Recently, AbbVie shared positive topline results from the phase 2 trial of ELAHERE, highlighting its safety consistent with previous studies. In addition, AbbVie acquired Landos Biopharma, which will help strengthen the company’s portfolio of standard care treatments.
AbbVie started the fiscal year on a strong footing. First quarter net revenues increased by 0.7% to $12.31 billion, driven by robust growth in the oncology and neuroscience portfolios. The oncology portfolio grew by 9.0%, with notable contributions from Imbruvica and Venclexta, while the neuroscience portfolio rose by 15.9%, led by Botox Therapeutic and Vraylar.
Despite a 4.0% decline in the aesthetics portfolio, AbbVie’s overall performance was strong. Diluted GAAP EPS came in at $0.77, up an eye-watering 492.3%.
The company currently pays an annual dividend of $6.20, translating to a yield of 3.65%, and AbbVie has continuously increased its dividend for 52 straight years. Additionally, analysts rate ABBV stock as a strong buy, a testament to its long-term income potential.
Medtronic (MDT)
Last but not least is a healthcare technology developer that addresses more than 70+ diseases. Medtronic (NYSE:MDT) is a medical equipment company that designs and manufactures treatments and therapies for diseases like chronic pain, diabetes, spinal disorders and heart failure.
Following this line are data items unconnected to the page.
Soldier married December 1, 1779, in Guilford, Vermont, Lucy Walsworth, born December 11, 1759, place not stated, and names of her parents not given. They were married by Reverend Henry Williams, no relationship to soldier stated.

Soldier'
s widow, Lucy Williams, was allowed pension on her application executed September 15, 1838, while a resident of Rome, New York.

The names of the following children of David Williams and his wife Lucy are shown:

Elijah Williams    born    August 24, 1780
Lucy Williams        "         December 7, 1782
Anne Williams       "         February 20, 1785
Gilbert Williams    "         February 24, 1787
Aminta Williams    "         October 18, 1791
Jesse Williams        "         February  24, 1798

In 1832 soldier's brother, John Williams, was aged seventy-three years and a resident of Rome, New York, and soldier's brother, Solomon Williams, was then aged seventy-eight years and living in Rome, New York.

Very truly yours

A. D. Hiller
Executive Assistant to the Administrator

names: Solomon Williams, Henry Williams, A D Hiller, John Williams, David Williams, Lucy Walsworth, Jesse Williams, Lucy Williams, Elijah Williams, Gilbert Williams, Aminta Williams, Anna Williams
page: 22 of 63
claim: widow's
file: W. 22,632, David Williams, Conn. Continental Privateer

Medtronic’s latest product, Inceptiv, has received Food and Drug Administration (FDA) approval. The drug treats chronic pain with its closed-loop rechargeable spinal cord stimulator (SCS). Also, the company announced positive results with Medtronic Affera and Ablation System with Sphere-9. It could potentially change the future of atrial fibrillation treatment. Additionally, with continued FDA approvals for products such as the Evolut FX+ TAVR system and the Inceptiv closed-loop spinal cord stimulator, the company is set to continue to grow.
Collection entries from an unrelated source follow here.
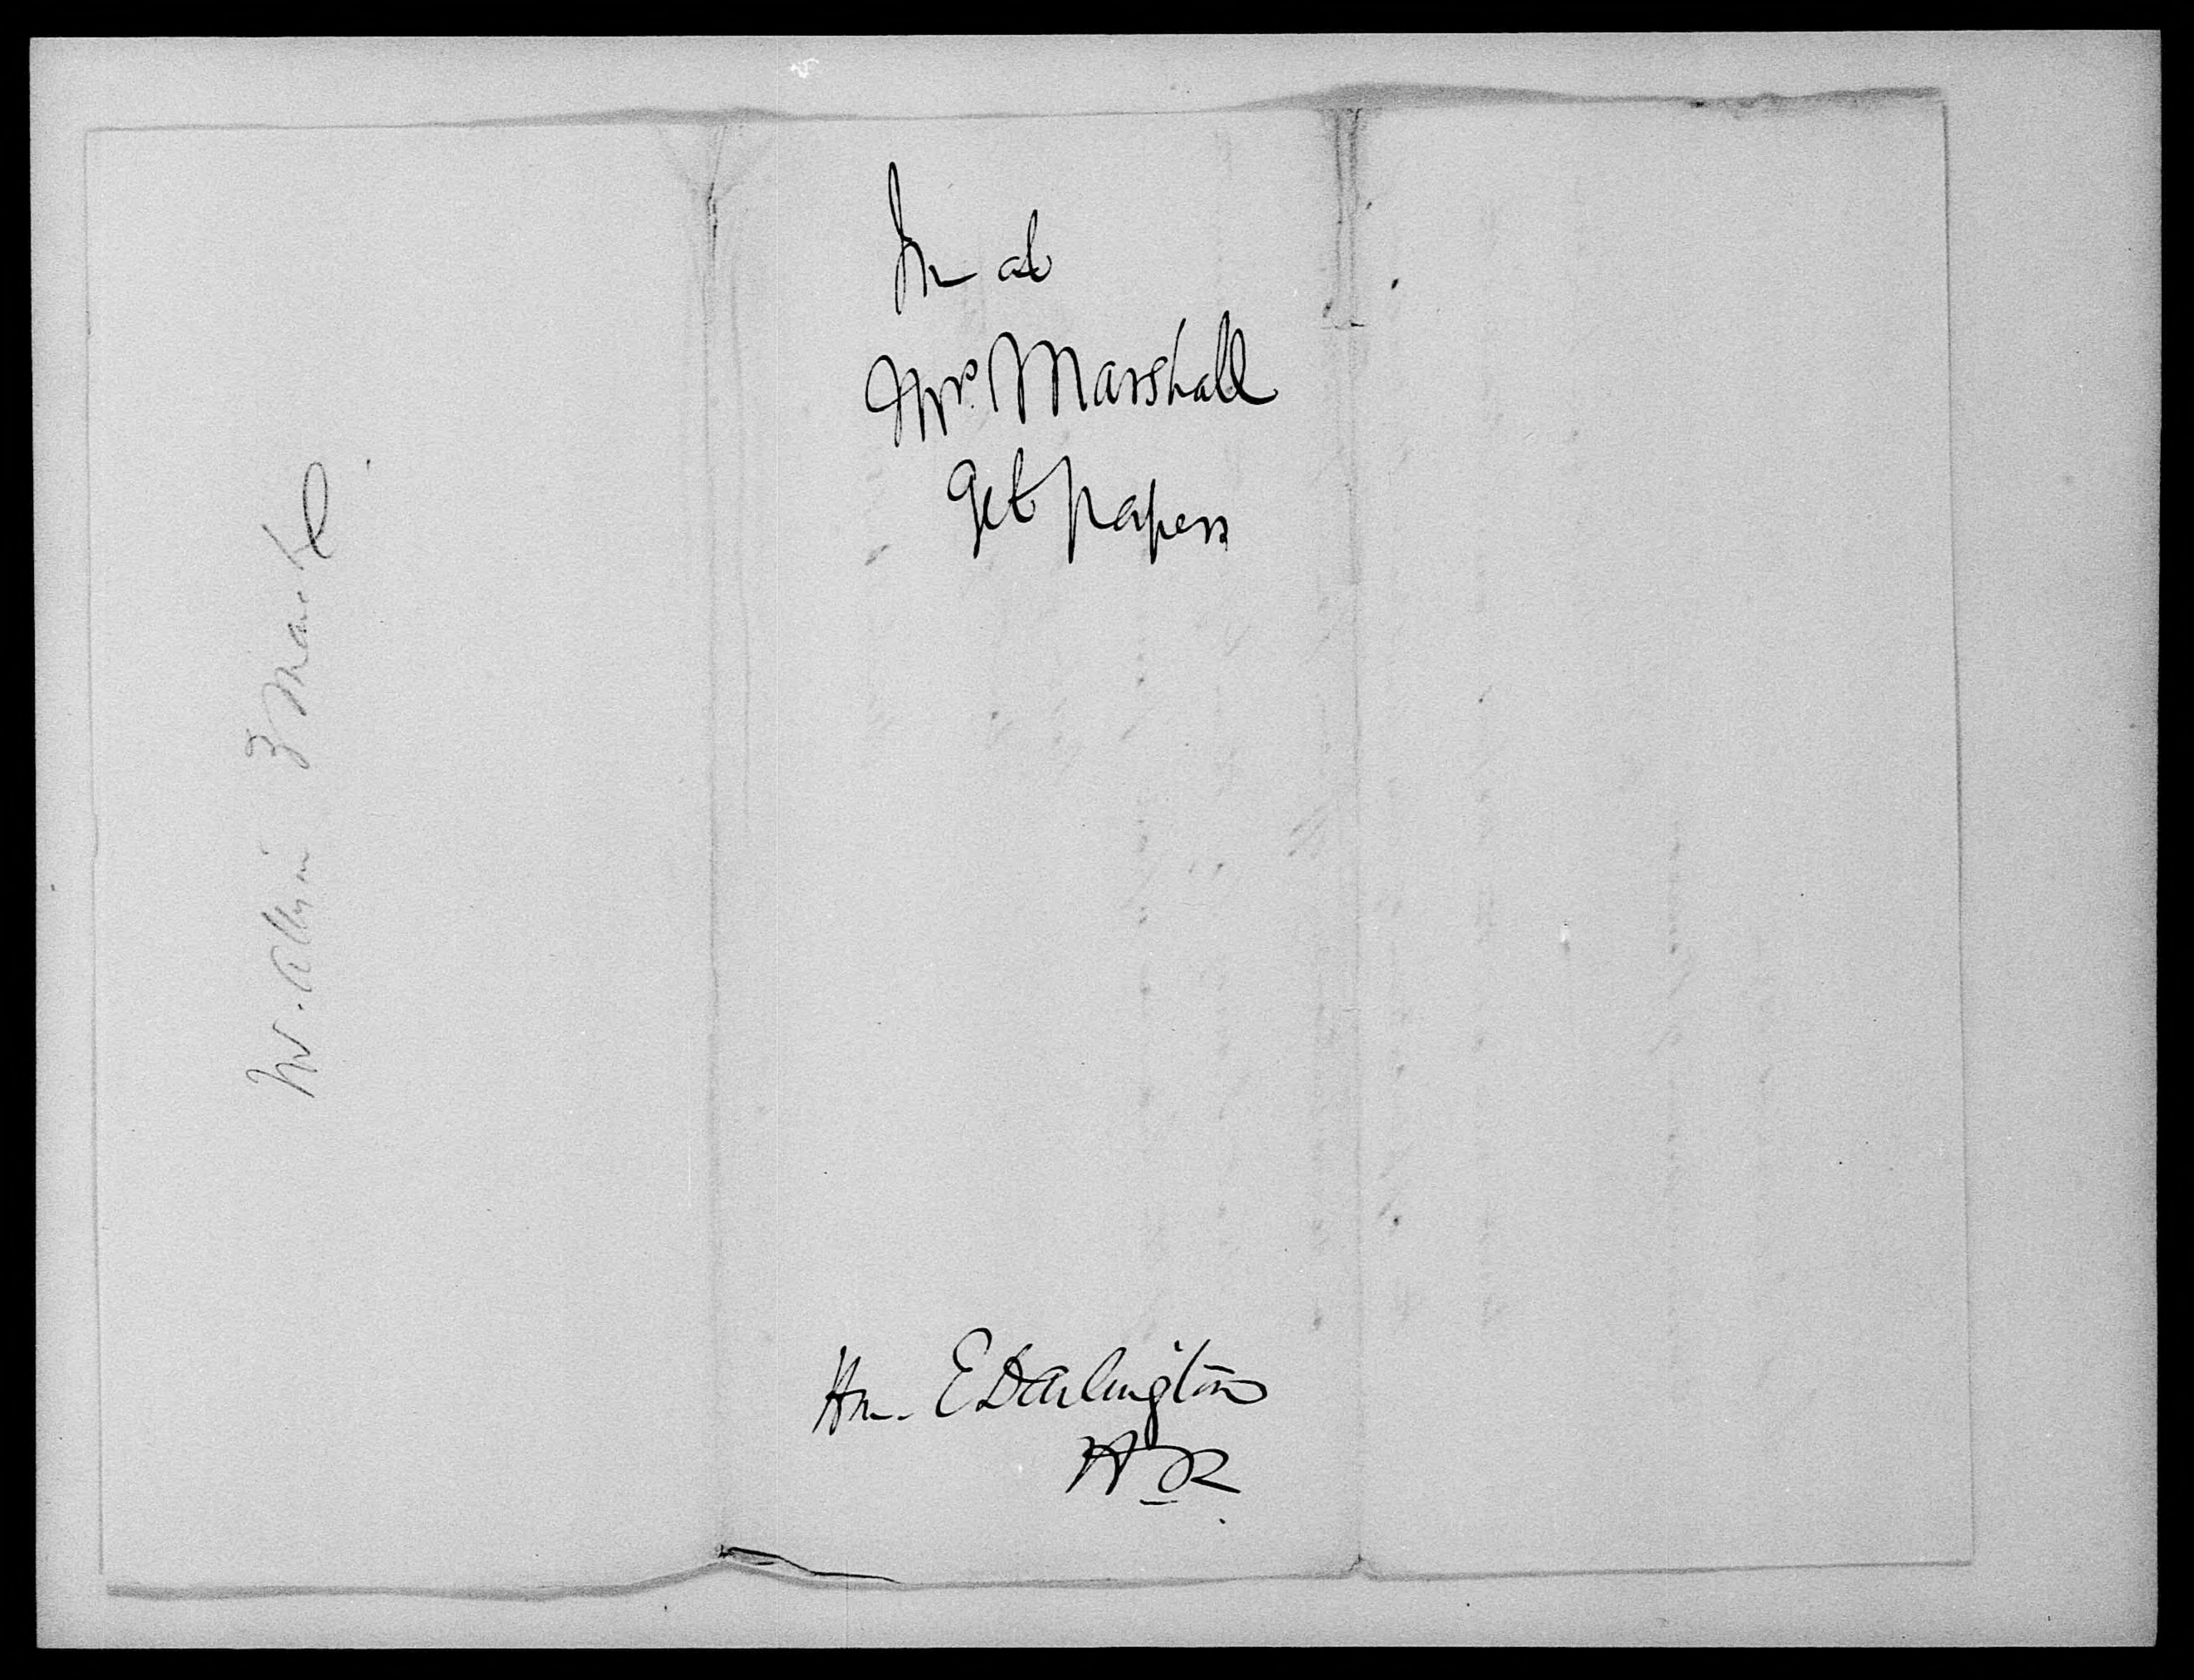Mr. Allyin Z March

?? ??
Mrs. Marshall
get papers

H?? E Darlington
???

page: 47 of 86
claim: widow's
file: W. 3571, for David Marshall, Pennsylvania

The company ended fiscal year 2024 with great results from various business segments, such as Cardiac Pacing, Surgical, Diabetes, Cranial and Spinal Technologies, and Structural Heart. As a result, total global revenue increased by 3.6% year-over-year (YOY).
Additionally, Medtronic has increased payouts for 47 straight years, which is excellent news for investors looking for high-yield dividend stocks to buy and hold. MDT stock has a 3.45% forward annual yield, and has a combined buy rating from 27 analysts.
On the date of publication, Rick Orford did not have (either directly or indirectly) any positions in the securities mentioned in this article. The opinions expressed in this article are those of the writer, subject to the InvestorPlace.com Publishing Guidelines.